A reproducible, contamination-aware testing sequence for rating large language models — and a public record of the results.
Most public leaderboards measure correctness (did the test pass) and human preference (which answer was liked). Neither captures how a model actually behaves in use: whether it follows instructions, stays concise, admits uncertainty, or caves to the user. This suite combines both — capability benchmarks and behavioral benchmarks — into one ordered protocol with published results.
Read docs/IMPLEMENTATION_PLAN.md. It states what's done, what's next, and the exact tasks to pick up — written so a fresh session can continue without prior context.
| Path | What it is |
|---|---|
docs/IMPLEMENTATION_PLAN.md |
Current state + ordered next steps. Open this to resume work. |
docs/SOW.md |
Statement of Work: scope, methodology, scoring, deliverables, reproducibility. |
docs/testing-sequence.md |
The ordered runbook for evaluating one model end to end (Phases 0–9). |
benchmarks/catalog.md |
Every benchmark: what it measures, why it's in, its weakness, source link. |
results/SCHEMA.md |
The per-model results JSON schema. |
results/weights.json |
Versioned dimension weights for the composite. |
results/data/_template.json |
Copy this per model run. |
results/scoreboard.md |
Public, human-readable scoreboard. |
- Contamination-aware. Time-windowed and refreshed benchmarks (LiveBench, LiveCodeBench, ARC-AGI-2) are weighted above static ones, which get trained on over time.

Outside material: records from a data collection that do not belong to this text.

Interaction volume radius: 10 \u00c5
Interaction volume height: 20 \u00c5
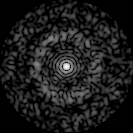
Disorder parameter: 0.8315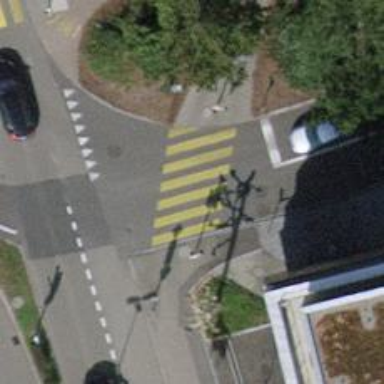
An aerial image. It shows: Footway with marked crossing. The surface is asphalt.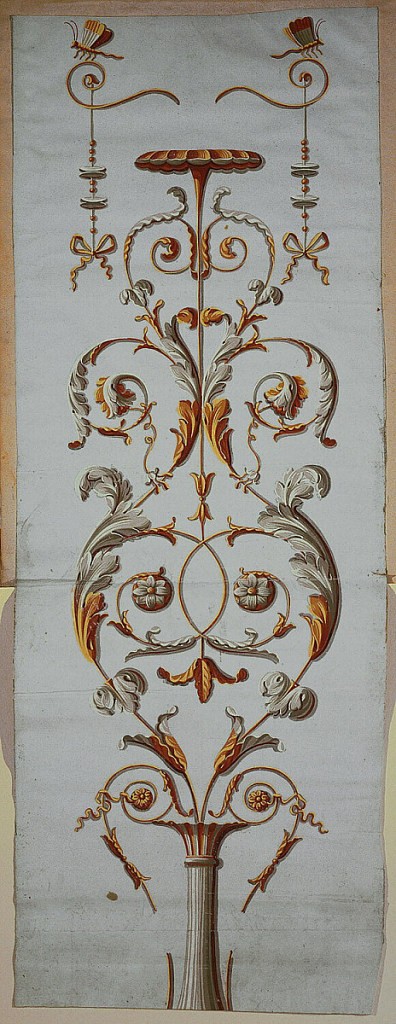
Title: Sample book
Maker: Jean-Baptiste Réveillon, French, 1725–1811
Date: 1785–95
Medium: Block-printed, gilded, handmade paper
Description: Mostly architectural borders and moldings, printed in grisaille and metallic gold . Some fold-out pages.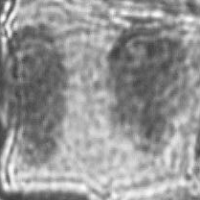
Label: telophase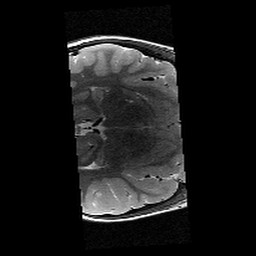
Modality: T2w
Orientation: axial
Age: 10
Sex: female
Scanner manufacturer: siemens
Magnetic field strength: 3 T
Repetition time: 9.23 s
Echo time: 0.067 s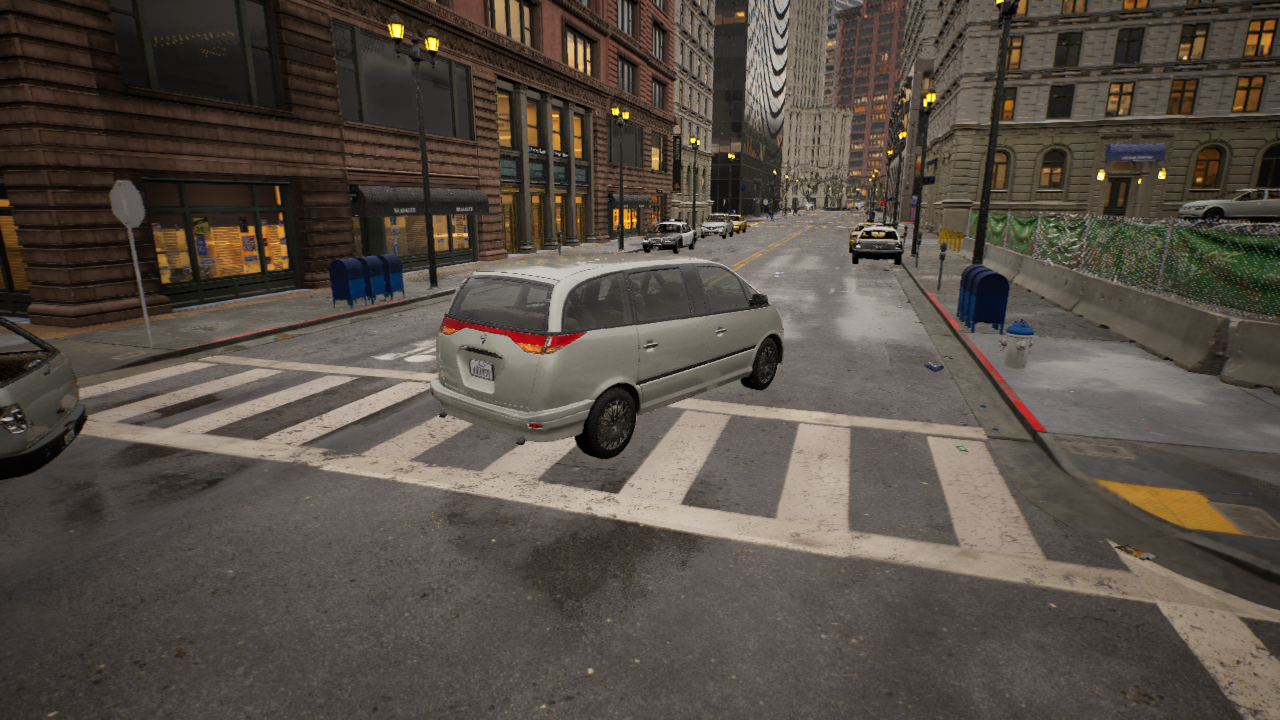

- Behavior counts. Sycophancy, over-refusal, instruction-following, and confident-wrongness are first-class metrics, not afterthoughts.
- Reproducible. Every published result records model version, date, decoding params, harness version, and benchmark revision.
- Honest gaps. Where no good benchmark exists (e.g. conciseness), we say so rather than substitute a proxy.
Coding · Reasoning · Instruction-following · Sycophancy · Over-refusal · Truthfulness · Tool use · Long context — rolled into a weighted composite, with sycophancy, refusal rate, and confident-wrong rate also surfaced raw so the composite can't hide them. Full detail in the SOW and catalog.
git clone https://github.com/fireball-industries/model-eval-suite.git
cd model-eval-suiteBootstrapping. SOW, benchmark catalog, testing sequence, and results scaffold are committed. No model rated yet — first run pending per the implementation plan.